Goedhart J, von Stetten D, Noirclerc-Savoye M, Lelimousin M, Joosen L, Hink MA, van Weeren L, Gadella TW, Royant A - Nat Commun (2012)

Bottom Line: The popular, but modestly bright, Enhanced Cyan Fluorescent Protein (ECFP) was sequentially improved into the brighter variants Super Cyan Fluorescent Protein 3A (SCFP3A) and mTurquoise, the latter exhibiting a high-fluorescence quantum yield and a long mono-exponential fluorescence lifetime.The structural analysis highlighted one suboptimal internal residue, which was subjected to saturation mutagenesis combined with fluorescence lifetime-based screening.This resulted in mTurquoise2, a brighter variant with faster maturation, high photostability, longer mono-exponential lifetime and the highest quantum yield measured for a monomeric fluorescent protein.

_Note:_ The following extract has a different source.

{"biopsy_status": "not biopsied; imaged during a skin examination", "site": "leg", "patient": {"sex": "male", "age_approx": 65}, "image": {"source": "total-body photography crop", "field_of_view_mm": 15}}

View Article: PubMed Central - PubMed

Affiliation: Swammerdam Institute for Life Sciences, Section of Molecular Cytology, van Leeuwenhoek Centre for Advanced Microscopy, University of Amsterdam, 1098 XH Amsterdam, The Netherlands.

ABSTRACT
Cyan variants of green fluorescent protein are widely used as donors in Förster resonance energy transfer experiments. The popular, but modestly bright, Enhanced Cyan Fluorescent Protein (ECFP) was sequentially improved into the brighter variants Super Cyan Fluorescent Protein 3A (SCFP3A) and mTurquoise, the latter exhibiting a high-fluorescence quantum yield and a long mono-exponential fluorescence lifetime. Here we combine X-ray crystallography and excited-state calculations to rationalize these stepwise improvements. The enhancement originates from stabilization of the seventh β-strand and the strengthening of the sole chromophore-stabilizing hydrogen bond. The structural analysis highlighted one suboptimal internal residue, which was subjected to saturation mutagenesis combined with fluorescence lifetime-based screening. This resulted in mTurquoise2, a brighter variant with faster maturation, high photostability, longer mono-exponential lifetime and the highest quantum yield measured for a monomeric fluorescent protein. Together, these properties make mTurquoise2 the preferable cyan variant of green fluorescent protein for long-term imaging and as donor for Förster resonance energy transfer to a yellow fluorescent protein.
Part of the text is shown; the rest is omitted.